Ulf Ryde at Lund and colleagues have simulated water in the active-site cavities of four human cytochromes: P450, 2A6, 2C8 and 3A4 [Rydberg et al., J. Phys. Chem. B, doi:10.1021/jp070390c]. In contrast to the crystal structures, they find that all the cavities are filled with water. That in 2A6 is small and contains only two waters, but the others have big cavities with around 40-60 water molecules – a volume of 1500-2100 angstroms. In these big cavities, water is rapidly exchanged with the environment through three to six channels.

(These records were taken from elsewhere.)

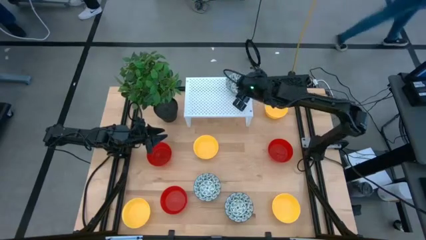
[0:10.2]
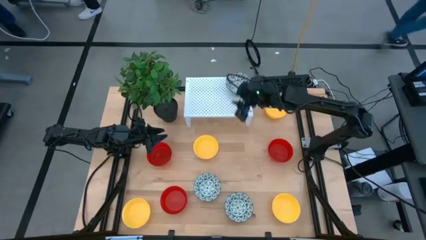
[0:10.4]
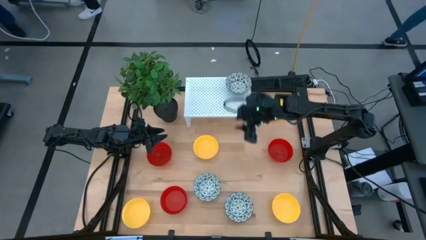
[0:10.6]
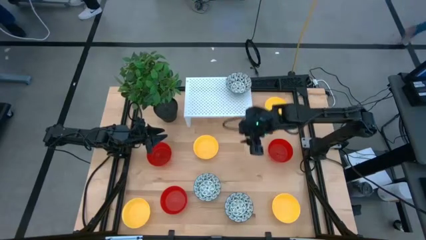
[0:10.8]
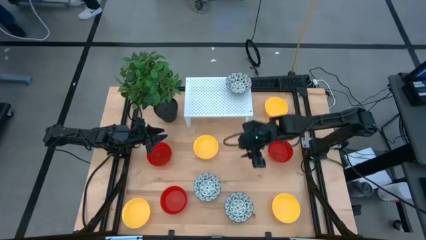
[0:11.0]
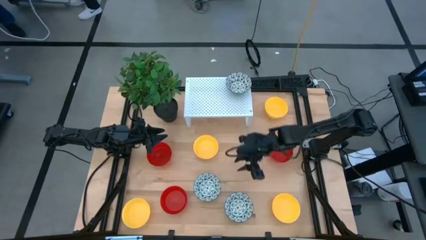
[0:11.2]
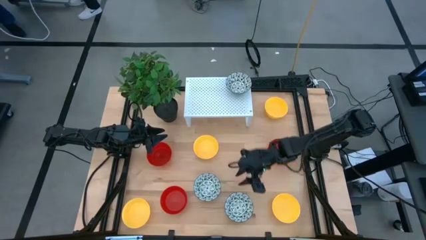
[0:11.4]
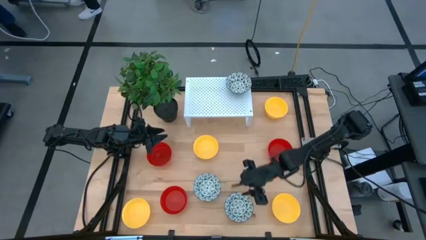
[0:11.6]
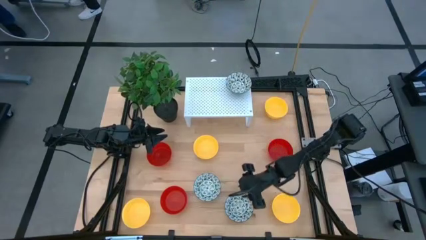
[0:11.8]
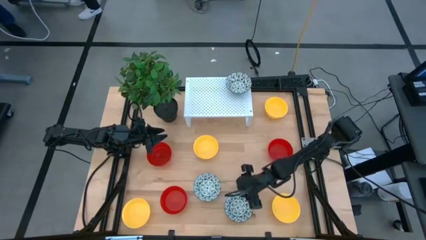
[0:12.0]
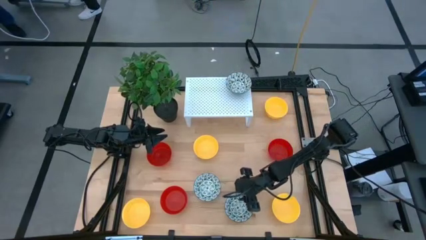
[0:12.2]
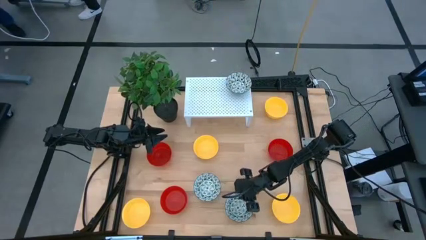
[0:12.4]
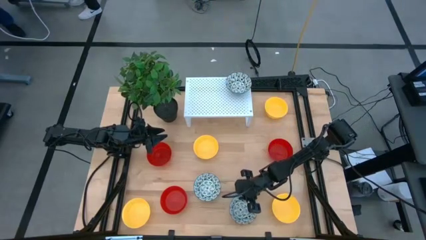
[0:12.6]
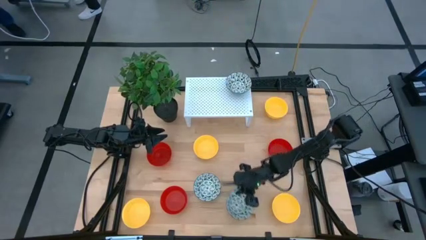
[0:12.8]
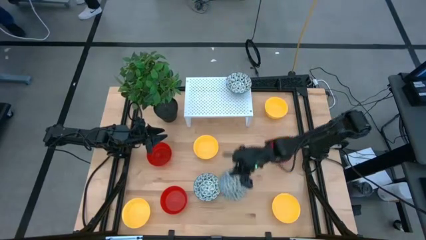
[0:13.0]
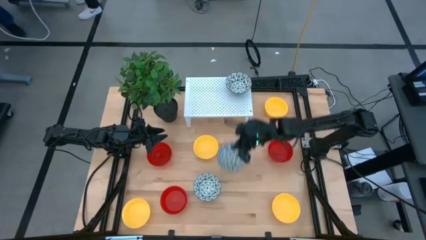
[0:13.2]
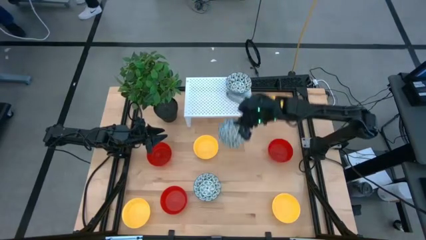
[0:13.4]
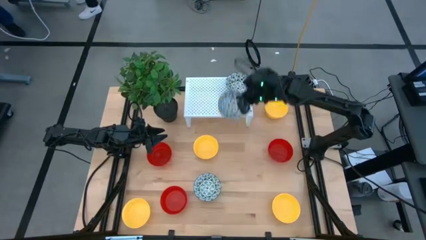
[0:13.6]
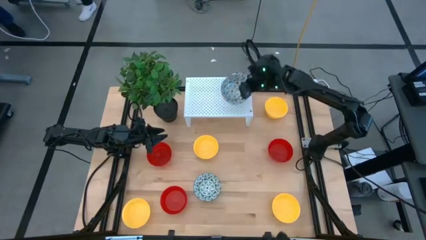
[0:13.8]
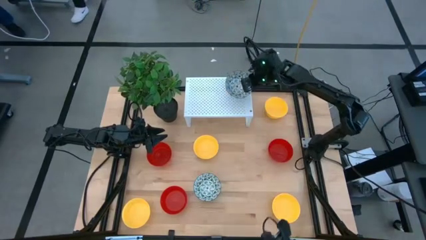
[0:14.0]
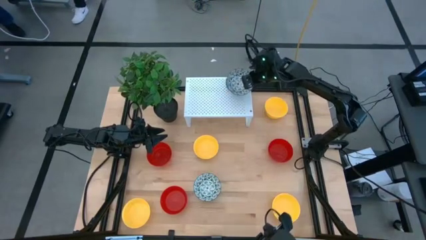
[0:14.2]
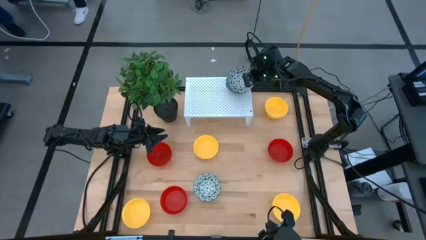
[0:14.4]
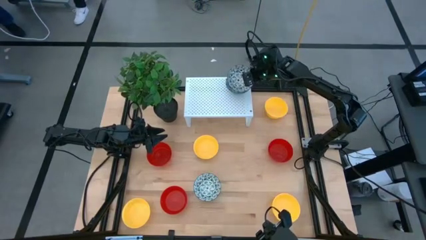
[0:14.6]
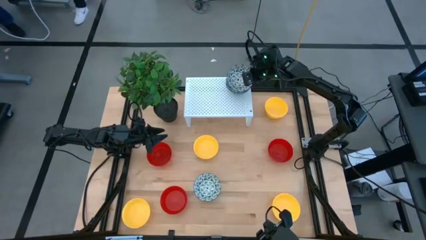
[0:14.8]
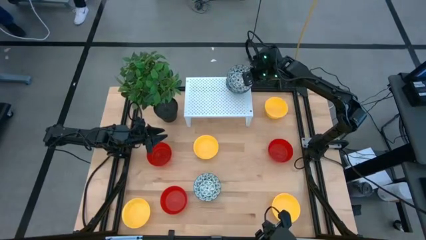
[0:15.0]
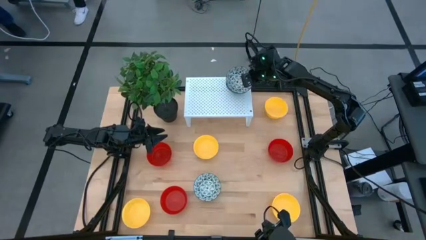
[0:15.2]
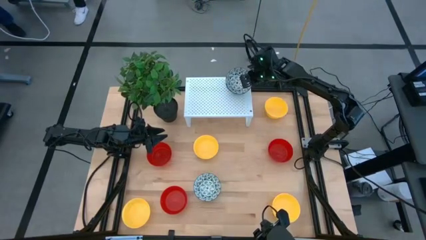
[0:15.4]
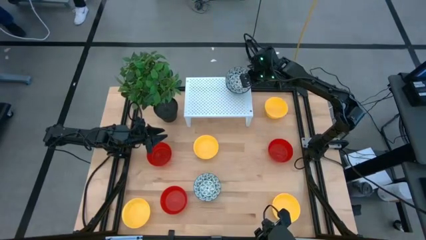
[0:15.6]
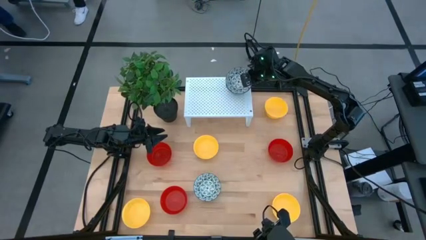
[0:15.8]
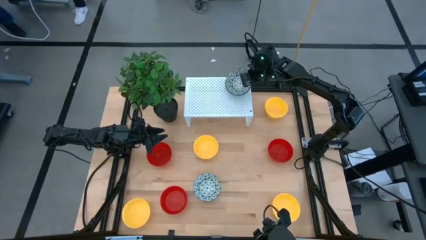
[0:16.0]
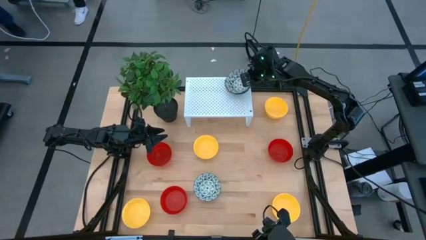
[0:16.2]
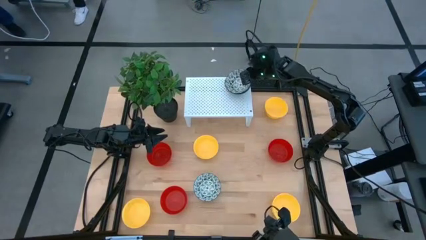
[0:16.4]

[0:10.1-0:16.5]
Task: Pick & Place Mini bowls
Stack the blue patterned bowl on the blue patterned bowl on the shelf

Those in 2A6 remain bound there, although quite mobile.
L-alanine acts rather like a surfactant in a water droplet, according to the density-functional MD simulations of Ivan Degtyarenko at Helsinki University of Technology and colleagues [J. Phys. Chem. B 111, 4227; 2007]. The amino acid moves to the droplet surface with its methyl group exposed, and the primary hydration shell of (on average seven) ordered and rather rigid water molecules forms around the carboxylate and ammonium groups.
More on the hydration of urea comes from Hinonori Kokubo and Montgomery Pettitt [J. Phys. Chem. B doi:10.1021/jp067659x]. They suggest that, to put it crudely, urea passes almost unnoticed in water – certainly, there’s no evidence of it acting as a structure-breaker. Another nail in the coffin for this hoary old idea.